More often than not I witness discussions among adults that students should get their act together brushing off the fact, that these young adults are usually displaced, disorientated, under pressure from exams and too proud to ask their parents for much needed help or already knowing that not much can be expected anyway after they left their dysfunctional home after a blow up. I might be overdramatic to drive this point home, but I have also found myself a bit too quick to judge in some instances.

How students cope

Alcohol, excessive sexual relationships, gambling, violence, political extremism and defeatism are the compensation for this. In Maynooth, the town I currently live in, I observe that the little betting places like Ladbrokes & brucebetting are full of young males putting the little they have on the line. I also find that on certain nights, when exams have been done, the atmosphere is hostile late out, where it does not need to be after reaching a milestone in your life.

How I coped

In my case I travelled down the path of gambling and defeatism for my studies, while putting all of the power and passion I had into my internships at IBM. In the end this lead to me being one of the first of my year to get a job secured in Ireland, fulfilling my dream to work abroad.

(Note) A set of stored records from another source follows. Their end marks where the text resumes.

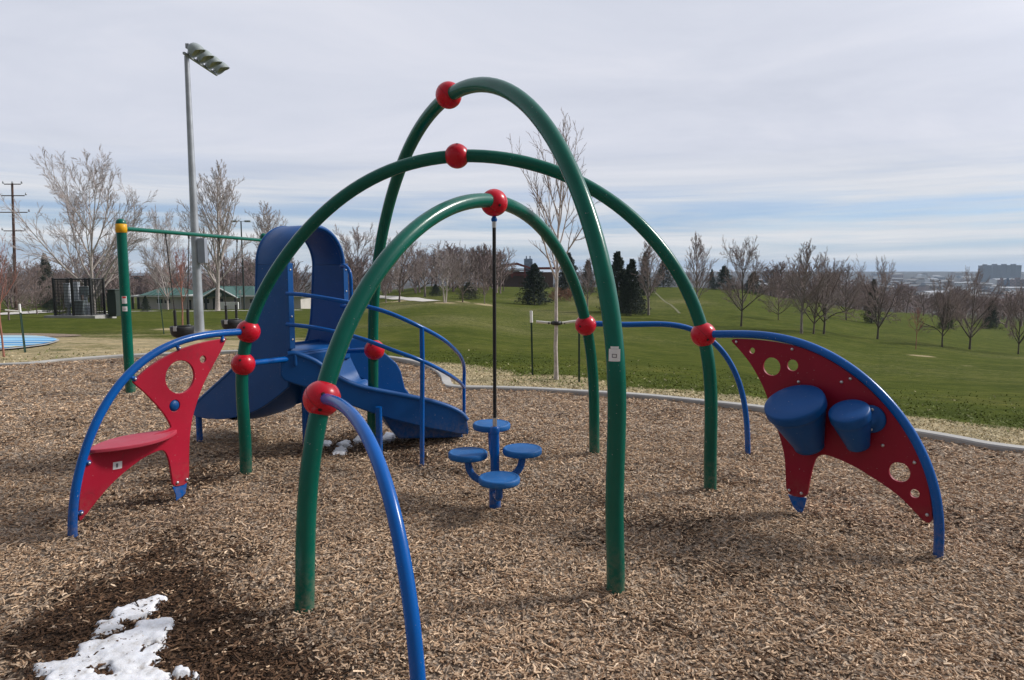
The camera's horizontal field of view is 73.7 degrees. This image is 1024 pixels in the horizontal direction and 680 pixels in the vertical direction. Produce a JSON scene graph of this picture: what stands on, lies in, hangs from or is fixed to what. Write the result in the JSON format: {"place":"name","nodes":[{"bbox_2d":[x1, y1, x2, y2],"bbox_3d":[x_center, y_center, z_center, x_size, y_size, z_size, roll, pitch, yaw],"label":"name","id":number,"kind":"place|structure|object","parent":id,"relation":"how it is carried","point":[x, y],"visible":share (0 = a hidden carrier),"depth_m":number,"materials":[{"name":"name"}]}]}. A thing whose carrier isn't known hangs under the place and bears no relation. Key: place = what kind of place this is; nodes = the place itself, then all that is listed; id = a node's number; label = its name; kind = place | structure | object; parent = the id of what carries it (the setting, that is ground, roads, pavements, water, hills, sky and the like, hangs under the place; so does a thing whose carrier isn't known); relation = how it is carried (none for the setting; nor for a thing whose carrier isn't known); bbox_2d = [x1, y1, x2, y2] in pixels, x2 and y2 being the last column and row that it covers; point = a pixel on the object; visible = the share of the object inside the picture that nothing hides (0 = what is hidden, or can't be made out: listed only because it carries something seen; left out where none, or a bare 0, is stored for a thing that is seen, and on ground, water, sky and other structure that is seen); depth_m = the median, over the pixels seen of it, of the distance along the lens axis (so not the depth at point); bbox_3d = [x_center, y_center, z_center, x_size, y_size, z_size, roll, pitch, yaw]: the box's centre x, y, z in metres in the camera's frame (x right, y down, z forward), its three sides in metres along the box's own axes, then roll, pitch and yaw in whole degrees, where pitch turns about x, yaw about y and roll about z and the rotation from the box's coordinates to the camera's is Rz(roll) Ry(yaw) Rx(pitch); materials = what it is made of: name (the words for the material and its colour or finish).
{"place":"outdoors","nodes":[
{"label":"outdoors","id":0,"kind":"place"},
{"bbox_2d":[0,310,71,314],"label":"park path","id":1,"kind":"structure","parent":0,"point":[26,312],"depth_m":62.73,"materials":[{"name":"concrete"}]},
{"bbox_2d":[74,300,87,313],"bbox_3d":[-29.623,-2.213,46.810,0.824,0.993,0.510,0,6,0],"label":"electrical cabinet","id":2,"kind":"object","parent":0,"point":[80,306],"visible":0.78,"depth_m":46.59,"materials":[{"name":"grey metal"}]},
{"bbox_2d":[131,276,152,294],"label":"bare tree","id":3,"kind":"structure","parent":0,"point":[139,292],"depth_m":325.15,"materials":[{"name":"plant"}]},
{"bbox_2d":[380,295,440,300],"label":"park path","id":4,"kind":"structure","parent":0,"point":[406,298],"depth_m":127.73,"materials":[{"name":"concrete"}]},
{"bbox_2d":[0,352,1023,679],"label":"wood chip ground","id":5,"kind":"structure","parent":0,"point":[678,582],"depth_m":4.08,"materials":[{"name":"wood"}]},
{"bbox_2d":[31,617,173,679],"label":"snow patch","id":6,"kind":"object","parent":5,"relation":"on","point":[123,659],"visible":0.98,"depth_m":2.92,"materials":[{"name":"snow"}]},
{"bbox_2d":[91,594,167,638],"bbox_3d":[-1.853,1.324,3.287,0.234,0.032,0.378,0,6,0],"label":"snow patch","id":7,"kind":"object","parent":5,"relation":"on","point":[128,611],"visible":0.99,"depth_m":3.28,"materials":[{"name":"snow"}]},
{"bbox_2d":[170,665,190,678],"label":"snow patch","id":8,"kind":"object","parent":5,"relation":"on","point":[181,671],"visible":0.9,"depth_m":2.82,"materials":[{"name":"snow"}]},
{"bbox_2d":[115,218,264,392],"bbox_3d":[-4.928,-0.539,11.046,0.142,2.556,3.886,1,6,8],"label":"swing frame","id":9,"kind":"object","parent":5,"relation":"on","point":[121,228],"visible":0.67,"depth_m":9.17,"materials":[{"name":"green metal"}]},
{"bbox_2d":[164,234,193,337],"bbox_3d":[-5.027,-0.820,10.337,0.344,1.581,0.484,-3,7,-26],"label":"bucket swing","id":10,"kind":"object","parent":9,"relation":"hanging from","point":[177,331],"visible":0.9,"depth_m":10.28,"materials":[{"name":"black rubber"}]},
{"bbox_2d":[218,238,241,328],"bbox_3d":[-4.824,-0.958,11.681,0.344,1.581,0.484,-3,7,-26],"label":"bucket swing","id":11,"kind":"object","parent":9,"relation":"hanging from","point":[226,323],"visible":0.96,"depth_m":11.61,"materials":[{"name":"black rubber"}]},
{"bbox_2d":[331,447,347,454],"bbox_3d":[-1.589,1.020,6.274,0.168,0.036,0.252,0,6,0],"label":"snow patch","id":12,"kind":"object","parent":5,"relation":"on","point":[340,450],"visible":0.94,"depth_m":6.24,"materials":[{"name":"snow"}]},
{"bbox_2d":[336,440,351,447],"bbox_3d":[-1.601,0.997,6.523,0.180,0.045,0.324,0,6,0],"label":"snow patch","id":13,"kind":"object","parent":5,"relation":"on","point":[346,443],"visible":0.91,"depth_m":6.49,"materials":[{"name":"snow"}]},
{"bbox_2d":[383,432,395,443],"bbox_3d":[-1.234,0.971,6.768,0.168,0.042,0.384,0,6,0],"label":"snow patch","id":14,"kind":"object","parent":5,"relation":"on","point":[387,436],"visible":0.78,"depth_m":6.73,"materials":[{"name":"snow"}]},
{"bbox_2d":[67,77,944,679],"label":"play structure","id":15,"kind":"object","parent":5,"relation":"on","point":[823,401],"visible":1,"depth_m":4.65,"materials":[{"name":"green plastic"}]},
{"bbox_2d":[491,216,496,426],"bbox_3d":[-0.121,-0.115,4.733,0.042,1.493,0.110,0,6,0],"label":"pole","id":16,"kind":"object","parent":15,"relation":"hanging from","point":[493,219],"visible":0.97,"depth_m":4.71,"materials":[{"name":"metal"}]},
{"bbox_2d":[448,419,541,508],"bbox_3d":[-0.120,0.907,4.888,0.604,0.597,0.720,-6,8,-43],"label":"pod spinner","id":17,"kind":"object","parent":16,"relation":"hanging from","point":[495,481],"visible":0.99,"depth_m":4.84,"materials":[{"name":"plastic"}]},
{"bbox_2d":[0,272,1023,445],"bbox_3d":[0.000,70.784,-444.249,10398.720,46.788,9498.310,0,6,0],"label":"grass terrain","id":18,"kind":"structure","parent":0,"point":[891,360],"depth_m":38.22,"materials":[{"name":"plant"}]},
{"bbox_2d":[0,234,25,356],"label":"sapling","id":19,"kind":"object","parent":18,"relation":"on","point":[2,343],"visible":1,"depth_m":13.87,"materials":[{"name":"brown plant"}]},
{"bbox_2d":[0,181,29,309],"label":"utility pole","id":20,"kind":"object","parent":18,"relation":"on","point":[12,195],"visible":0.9,"depth_m":70.25,"materials":[{"name":"brown wood"}]},
{"bbox_2d":[18,304,25,352],"bbox_3d":[-10.739,-0.257,14.958,0.087,1.072,0.046,0,6,0],"label":"tree stake","id":21,"kind":"object","parent":18,"relation":"on","point":[21,322],"visible":1,"depth_m":14.96,"materials":[{"name":"green paint"}]},
{"bbox_2d":[0,247,46,319],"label":"bare tree","id":22,"kind":"object","parent":18,"relation":"on","point":[15,283],"visible":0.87,"depth_m":41.17,"materials":[{"name":"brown plant"}]},
{"bbox_2d":[0,335,58,348],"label":"splash pad border","id":23,"kind":"object","parent":18,"relation":"on","point":[32,345],"visible":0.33,"depth_m":16.97,"materials":[{"name":"concrete"}]},
{"bbox_2d":[0,335,56,347],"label":"splash pad","id":24,"kind":"object","parent":23,"relation":"on","point":[12,340],"visible":0.84,"depth_m":19.14,"materials":[{"name":"paint"}]},
{"bbox_2d":[4,257,61,313],"bbox_3d":[-39.712,-4.476,56.435,4.400,4.937,3.044,0,6,3],"label":"bare tree","id":25,"kind":"object","parent":18,"relation":"on","point":[35,286],"visible":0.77,"depth_m":56.54,"materials":[{"name":"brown plant"}]},
{"bbox_2d":[0,333,80,336],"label":"path","id":26,"kind":"structure","parent":18,"relation":"on","point":[50,335],"depth_m":24.93,"materials":[{"name":"grey concrete"}]},
{"bbox_2d":[30,253,61,305],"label":"conifer","id":27,"kind":"object","parent":18,"relation":"on","point":[47,270],"visible":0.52,"depth_m":144.95,"materials":[{"name":"green plant"}]},
{"bbox_2d":[37,293,60,312],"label":"conifer","id":28,"kind":"object","parent":18,"relation":"on","point":[44,307],"visible":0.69,"depth_m":67.14,"materials":[{"name":"green plant"}]},
{"bbox_2d":[31,262,77,302],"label":"bare tree","id":29,"kind":"object","parent":18,"relation":"on","point":[67,274],"visible":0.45,"depth_m":104.45,"materials":[{"name":"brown plant"}]},
{"bbox_2d":[63,211,82,274],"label":"lattice pylon","id":30,"kind":"object","parent":18,"relation":"on","point":[73,241],"visible":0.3,"depth_m":257.03,"materials":[{"name":"metal"}]},
{"bbox_2d":[0,144,158,308],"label":"bare tree","id":31,"kind":"object","parent":18,"relation":"on","point":[108,252],"visible":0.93,"depth_m":69.34,"materials":[{"name":"grey plant"}]},
{"bbox_2d":[44,314,116,318],"bbox_3d":[-29.747,-1.440,47.141,3.443,0.620,2.500,0,6,0],"label":"concrete pad","id":32,"kind":"object","parent":18,"relation":"on","point":[82,316],"visible":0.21,"depth_m":45.94,"materials":[{"name":"concrete"}]},
{"bbox_2d":[63,283,70,313],"bbox_3d":[-30.432,-2.807,46.800,0.412,2.168,0.310,0,6,0],"label":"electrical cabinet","id":33,"kind":"object","parent":32,"relation":"on","point":[67,297],"visible":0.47,"depth_m":46.66,"materials":[{"name":"metal"}]},
{"bbox_2d":[73,282,80,298],"bbox_3d":[-30.049,-2.887,47.193,0.371,2.248,0.310,0,6,0],"label":"electrical cabinet","id":34,"kind":"object","parent":32,"relation":"on","point":[76,289],"visible":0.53,"depth_m":47.02,"materials":[{"name":"metal"}]},
{"bbox_2d":[51,278,105,315],"bbox_3d":[-29.704,-2.987,46.882,2.604,2.570,1.620,0,6,0],"label":"fence","id":35,"kind":"object","parent":32,"relation":"on","point":[60,305],"visible":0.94,"depth_m":46.19,"materials":[{"name":"metal"}]},
{"bbox_2d":[106,289,120,316],"bbox_3d":[-27.633,-2.592,47.475,0.620,1.882,0.800,0,6,0],"label":"utility cabinet","id":36,"kind":"object","parent":18,"relation":"on","point":[113,302],"visible":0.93,"depth_m":47.14,"materials":[{"name":"metal"}]},
{"bbox_2d":[140,295,151,311],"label":"conifer","id":37,"kind":"object","parent":18,"relation":"on","point":[144,302],"visible":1,"depth_m":84.89,"materials":[{"name":"green plant"}]},
{"bbox_2d":[0,250,311,306],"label":"wood","id":38,"kind":"object","parent":18,"relation":"on","point":[229,279],"visible":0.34,"depth_m":150.93,"materials":[{"name":"plant"}]},
{"bbox_2d":[131,205,201,309],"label":"bare tree","id":39,"kind":"object","parent":18,"relation":"on","point":[153,265],"visible":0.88,"depth_m":121.95,"materials":[{"name":"grey plant"}]},
{"bbox_2d":[164,247,192,324],"bbox_3d":[-15.844,-2.425,32.850,2.060,4.131,1.023,5,8,40],"label":"sapling","id":40,"kind":"object","parent":18,"relation":"on","point":[182,264],"visible":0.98,"depth_m":32.73,"materials":[{"name":"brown plant"}]},
{"bbox_2d":[183,42,229,332],"bbox_3d":[-13.023,-6.129,29.503,1.098,12.166,3.100,0,6,0],"label":"floodlight mast","id":41,"kind":"object","parent":18,"relation":"on","point":[199,249],"visible":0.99,"depth_m":28.31,"materials":[{"name":"metal"}]},
{"bbox_2d":[176,159,251,310],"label":"bare tree","id":42,"kind":"object","parent":18,"relation":"on","point":[220,205],"visible":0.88,"depth_m":101.04,"materials":[{"name":"grey plant"}]},
{"bbox_2d":[131,286,310,309],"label":"park building","id":43,"kind":"structure","parent":18,"relation":"on","point":[230,296],"depth_m":128.05,"materials":[{"name":"green metal"}]},
{"bbox_2d":[220,302,238,309],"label":"white barrier","id":44,"kind":"object","parent":18,"relation":"on","point":[230,305],"visible":0.5,"depth_m":121.96,"materials":[{"name":"white"}]},
{"bbox_2d":[231,220,250,309],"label":"street lamp","id":45,"kind":"object","parent":18,"relation":"on","point":[242,263],"visible":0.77,"depth_m":116.06,"materials":[{"name":"metal"}]},
{"bbox_2d":[244,201,287,275],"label":"bare tree","id":46,"kind":"object","parent":18,"relation":"on","point":[265,229],"visible":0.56,"depth_m":113.50,"materials":[{"name":"grey plant"}]},
{"bbox_2d":[333,223,386,285],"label":"bare tree","id":47,"kind":"object","parent":18,"relation":"on","point":[357,242],"visible":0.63,"depth_m":156.86,"materials":[{"name":"grey plant"}]},
{"bbox_2d":[380,273,393,302],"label":"bare tree","id":48,"kind":"object","parent":18,"relation":"on","point":[384,288],"visible":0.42,"depth_m":121.08,"materials":[{"name":"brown plant"}]},
{"bbox_2d":[367,230,432,301],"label":"bare tree","id":49,"kind":"object","parent":18,"relation":"on","point":[399,272],"visible":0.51,"depth_m":116.09,"materials":[{"name":"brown plant"}]},
{"bbox_2d":[409,249,441,296],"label":"bare tree","id":50,"kind":"object","parent":18,"relation":"on","point":[426,271],"visible":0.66,"depth_m":130.19,"materials":[{"name":"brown plant"}]},
{"bbox_2d":[344,241,516,295],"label":"wood","id":51,"kind":"object","parent":18,"relation":"on","point":[484,258],"visible":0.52,"depth_m":156.62,"materials":[{"name":"plant"}]},
{"bbox_2d":[429,284,442,296],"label":"conifer","id":52,"kind":"object","parent":18,"relation":"on","point":[435,289],"visible":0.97,"depth_m":130.55,"materials":[{"name":"green plant"}]},
{"bbox_2d":[428,246,466,302],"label":"bare tree","id":53,"kind":"object","parent":18,"relation":"on","point":[443,270],"visible":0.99,"depth_m":101.21,"materials":[{"name":"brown plant"}]},
{"bbox_2d":[448,243,479,301],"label":"bare tree","id":54,"kind":"object","parent":18,"relation":"on","point":[464,276],"visible":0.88,"depth_m":106.17,"materials":[{"name":"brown plant"}]},
{"bbox_2d":[452,281,482,299],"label":"conifer","id":55,"kind":"object","parent":18,"relation":"on","point":[468,291],"visible":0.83,"depth_m":118.81,"materials":[{"name":"green plant"}]},
{"bbox_2d":[476,269,491,303],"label":"bare tree","id":56,"kind":"object","parent":18,"relation":"on","point":[484,288],"visible":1,"depth_m":105.99,"materials":[{"name":"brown plant"}]},
{"bbox_2d":[0,350,1023,452],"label":"kerb","id":57,"kind":"structure","parent":18,"relation":"on","point":[921,433],"depth_m":8.88,"materials":[{"name":"concrete"}]},
{"bbox_2d":[487,263,560,286],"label":"grandstand","id":58,"kind":"object","parent":18,"relation":"on","point":[517,276],"visible":0.45,"depth_m":234.50,"materials":[{"name":"red paint"}]},
{"bbox_2d":[524,256,532,268],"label":"apartment tower","id":59,"kind":"structure","parent":18,"relation":"on","point":[528,262],"depth_m":993.53,"materials":[{"name":"concrete"}]},
{"bbox_2d":[530,311,532,374],"bbox_3d":[0.336,0.053,11.703,0.064,1.106,0.046,0,6,0],"label":"tree stake","id":60,"kind":"object","parent":18,"relation":"on","point":[531,317],"visible":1,"depth_m":11.71,"materials":[{"name":"green paint"}]},
{"bbox_2d":[511,263,552,304],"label":"conifer","id":61,"kind":"object","parent":18,"relation":"on","point":[533,290],"visible":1,"depth_m":117.46,"materials":[{"name":"green plant"}]},
{"bbox_2d":[506,107,599,379],"bbox_3d":[0.713,-1.407,10.770,1.098,4.394,1.496,-4,7,-36],"label":"young tree","id":62,"kind":"object","parent":18,"relation":"on","point":[556,265],"visible":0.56,"depth_m":10.87,"materials":[{"name":"plant"}]},
{"bbox_2d":[536,320,575,324],"bbox_3d":[0.716,-0.285,11.052,0.650,0.081,0.150,0,6,0],"label":"tree tie","id":63,"kind":"object","parent":62,"relation":"attached to","point":[557,322],"visible":0.95,"depth_m":11.04,"materials":[{"name":"fabric"}]},
{"bbox_2d":[549,287,572,300],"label":"scrub","id":64,"kind":"object","parent":18,"relation":"on","point":[566,296],"visible":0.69,"depth_m":132.91,"materials":[{"name":"plant"}]},
{"bbox_2d":[551,252,586,295],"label":"conifer","id":65,"kind":"object","parent":18,"relation":"on","point":[563,283],"visible":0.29,"depth_m":151.62,"materials":[{"name":"green plant"}]},
{"bbox_2d":[578,333,579,381],"bbox_3d":[1.068,0.264,10.854,0.038,0.815,0.042,0,6,0],"label":"tree stake","id":66,"kind":"object","parent":18,"relation":"on","point":[578,357],"visible":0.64,"depth_m":10.85,"materials":[{"name":"green paint"}]},
{"bbox_2d":[576,258,595,306],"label":"bare tree","id":67,"kind":"object","parent":18,"relation":"on","point":[588,275],"visible":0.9,"depth_m":101.96,"materials":[{"name":"grey plant"}]},
{"bbox_2d":[582,260,597,292],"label":"conifer","id":68,"kind":"object","parent":18,"relation":"on","point":[591,280],"visible":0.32,"depth_m":161.80,"materials":[{"name":"green plant"}]},
{"bbox_2d":[596,251,633,309],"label":"conifer","id":69,"kind":"object","parent":18,"relation":"on","point":[619,271],"visible":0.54,"depth_m":95.82,"materials":[{"name":"green plant"}]},
{"bbox_2d":[618,281,648,315],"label":"conifer","id":70,"kind":"object","parent":18,"relation":"on","point":[631,292],"visible":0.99,"depth_m":87.85,"materials":[{"name":"green plant"}]},
{"bbox_2d":[617,258,651,313],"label":"conifer","id":71,"kind":"object","parent":18,"relation":"on","point":[628,278],"visible":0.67,"depth_m":93.94,"materials":[{"name":"green plant"}]},
{"bbox_2d":[637,252,655,295],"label":"conifer","id":72,"kind":"object","parent":18,"relation":"on","point":[650,283],"visible":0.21,"depth_m":142.99,"materials":[{"name":"green plant"}]},
{"bbox_2d":[630,242,666,314],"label":"bare tree","id":73,"kind":"object","parent":18,"relation":"on","point":[646,262],"visible":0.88,"depth_m":89.80,"materials":[{"name":"grey plant"}]},
{"bbox_2d":[653,261,675,287],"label":"conifer","id":74,"kind":"object","parent":18,"relation":"on","point":[666,280],"visible":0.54,"depth_m":188.41,"materials":[{"name":"green plant"}]},
{"bbox_2d":[684,233,718,298],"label":"bare tree","id":75,"kind":"object","parent":18,"relation":"on","point":[696,281],"visible":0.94,"depth_m":82.31,"materials":[{"name":"grey plant"}]},
{"bbox_2d":[707,269,715,288],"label":"conifer","id":76,"kind":"object","parent":18,"relation":"on","point":[711,284],"visible":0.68,"depth_m":184.02,"materials":[{"name":"green plant"}]},
{"bbox_2d":[709,266,733,290],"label":"conifer","id":77,"kind":"object","parent":18,"relation":"on","point":[722,273],"visible":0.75,"depth_m":178.88,"materials":[{"name":"green plant"}]},
{"bbox_2d":[719,236,776,326],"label":"bare tree","id":78,"kind":"object","parent":18,"relation":"on","point":[737,256],"visible":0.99,"depth_m":73.37,"materials":[{"name":"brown plant"}]},
{"bbox_2d":[740,273,765,295],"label":"conifer","id":79,"kind":"object","parent":18,"relation":"on","point":[755,293],"visible":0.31,"depth_m":163.82,"materials":[{"name":"green plant"}]},
{"bbox_2d":[757,268,798,319],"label":"bare tree","id":80,"kind":"object","parent":18,"relation":"on","point":[776,292],"visible":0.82,"depth_m":90.22,"materials":[{"name":"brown plant"}]},
{"bbox_2d":[776,238,830,333],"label":"bare tree","id":81,"kind":"object","parent":18,"relation":"on","point":[804,280],"visible":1,"depth_m":69.25,"materials":[{"name":"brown plant"}]},
{"bbox_2d":[784,247,845,333],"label":"bare tree","id":82,"kind":"object","parent":18,"relation":"on","point":[818,291],"visible":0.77,"depth_m":70.93,"materials":[{"name":"brown plant"}]},
{"bbox_2d":[792,251,870,333],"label":"bare tree","id":83,"kind":"object","parent":18,"relation":"on","point":[838,276],"visible":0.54,"depth_m":72.81,"materials":[{"name":"brown plant"}]},
{"bbox_2d":[824,257,865,319],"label":"bare tree","id":84,"kind":"object","parent":18,"relation":"on","point":[852,298],"visible":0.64,"depth_m":109.13,"materials":[{"name":"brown plant"}]},
{"bbox_2d":[860,278,883,323],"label":"conifer","id":85,"kind":"object","parent":18,"relation":"on","point":[869,313],"visible":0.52,"depth_m":109.59,"materials":[{"name":"green plant"}]},
{"bbox_2d":[851,256,905,338],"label":"bare tree","id":86,"kind":"object","parent":18,"relation":"on","point":[867,289],"visible":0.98,"depth_m":79.12,"materials":[{"name":"brown plant"}]},
{"bbox_2d":[735,275,1022,306],"bbox_3d":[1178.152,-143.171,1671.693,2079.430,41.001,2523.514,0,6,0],"label":"city trees","id":87,"kind":"object","parent":18,"relation":"on","point":[964,284],"visible":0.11,"depth_m":1269.66,"materials":[{"name":"plant"}]},
{"bbox_2d":[748,260,1023,327],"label":"valley wood","id":88,"kind":"object","parent":18,"relation":"on","point":[915,302],"visible":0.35,"depth_m":192.00,"materials":[{"name":"plant"}]},
{"bbox_2d":[884,273,903,277],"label":"house","id":89,"kind":"structure","parent":18,"relation":"on","point":[897,275],"depth_m":2713.90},
{"bbox_2d":[907,307,924,348],"bbox_3d":[37.778,-1.046,63.691,1.988,4.071,0.987,4,7,34],"label":"sapling","id":90,"kind":"object","parent":18,"relation":"on","point":[918,313],"visible":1,"depth_m":63.59,"materials":[{"name":"brown plant"}]},
{"bbox_2d":[907,284,925,290],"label":"house","id":91,"kind":"structure","parent":18,"relation":"on","point":[922,287],"depth_m":1469.40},
{"bbox_2d":[923,284,939,290],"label":"house","id":92,"kind":"structure","parent":18,"relation":"on","point":[928,287],"depth_m":1494.24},
{"bbox_2d":[908,272,977,346],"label":"bare tree","id":93,"kind":"object","parent":18,"relation":"on","point":[943,311],"visible":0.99,"depth_m":73.73,"materials":[{"name":"brown plant"}]},
{"bbox_2d":[935,301,957,330],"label":"conifer","id":94,"kind":"object","parent":18,"relation":"on","point":[946,327],"visible":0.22,"depth_m":111.33,"materials":[{"name":"green plant"}]},
{"bbox_2d":[941,265,1008,349],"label":"bare tree","id":95,"kind":"object","parent":18,"relation":"on","point":[972,322],"visible":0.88,"depth_m":76.53,"materials":[{"name":"brown plant"}]},
{"bbox_2d":[977,264,991,281],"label":"apartment tower","id":96,"kind":"structure","parent":18,"relation":"on","point":[986,272],"depth_m":2289.88,"materials":[{"name":"concrete"}]},
{"bbox_2d":[977,300,1004,330],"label":"conifer","id":97,"kind":"object","parent":18,"relation":"on","point":[992,320],"visible":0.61,"depth_m":141.38,"materials":[{"name":"green plant"}]},
{"bbox_2d":[997,278,1004,286],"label":"apartment tower","id":98,"kind":"structure","parent":18,"relation":"on","point":[999,281],"depth_m":1496.98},
{"bbox_2d":[991,264,1021,278],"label":"apartment tower","id":99,"kind":"structure","parent":18,"relation":"on","point":[1006,271],"depth_m":2308.41,"materials":[{"name":"concrete"}]},
{"bbox_2d":[993,287,1023,291],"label":"house","id":100,"kind":"structure","parent":18,"relation":"on","point":[1009,288],"depth_m":1432.49,"materials":[{"name":"white"}]},
{"bbox_2d":[998,281,1023,353],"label":"bare tree","id":101,"kind":"object","parent":18,"relation":"on","point":[1012,323],"visible":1,"depth_m":74.81,"materials":[{"name":"brown plant"}]},
{"bbox_2d":[1009,278,1023,286],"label":"apartment tower","id":102,"kind":"structure","parent":18,"relation":"on","point":[1015,282],"depth_m":1446.83,"materials":[{"name":"concrete"}]},
{"bbox_2d":[0,0,1023,273],"label":"sky","id":103,"kind":"structure","parent":0,"point":[864,129],"materials":[{"name":"white"}]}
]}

The troublesome outcome was that I wasted hours of my life in dingy rooms playing poker while not being in internships. If I am honest to myself these hours were wasted and wuld have been better invested into becoming a better student or fulfil my potential in some other way than placing bets on the two plus five cards in front of me. I took a turn for the better and now do not gamble anymore, but I wish I would have realised earlier.

There is a better way

The better way to release stress for any student who might be reading this is to get fit or to read books. Don’t get me wrong, have fun with your friends, experience silly things, test yourself sexually and what else you might see fit. Once this is all done und dusted, ask yourself honestly whether you are wasting away your lifetime going to the same bar each weekend, getting drunk with the same people in the same manner or spending your time in front of a PS4, watching porn for hours or gambling away in whatever way or form.

I quit poker for good when I met my future wife to be a better role model to my kids. I ran my first marathon in 2013 and got back to lifting in the gym in 2014, cutting back my alcohol consumption to close to none. My life has never been better. I encourage you to find better ways to release stress than I did and I hope the content provided on this website will help you do so.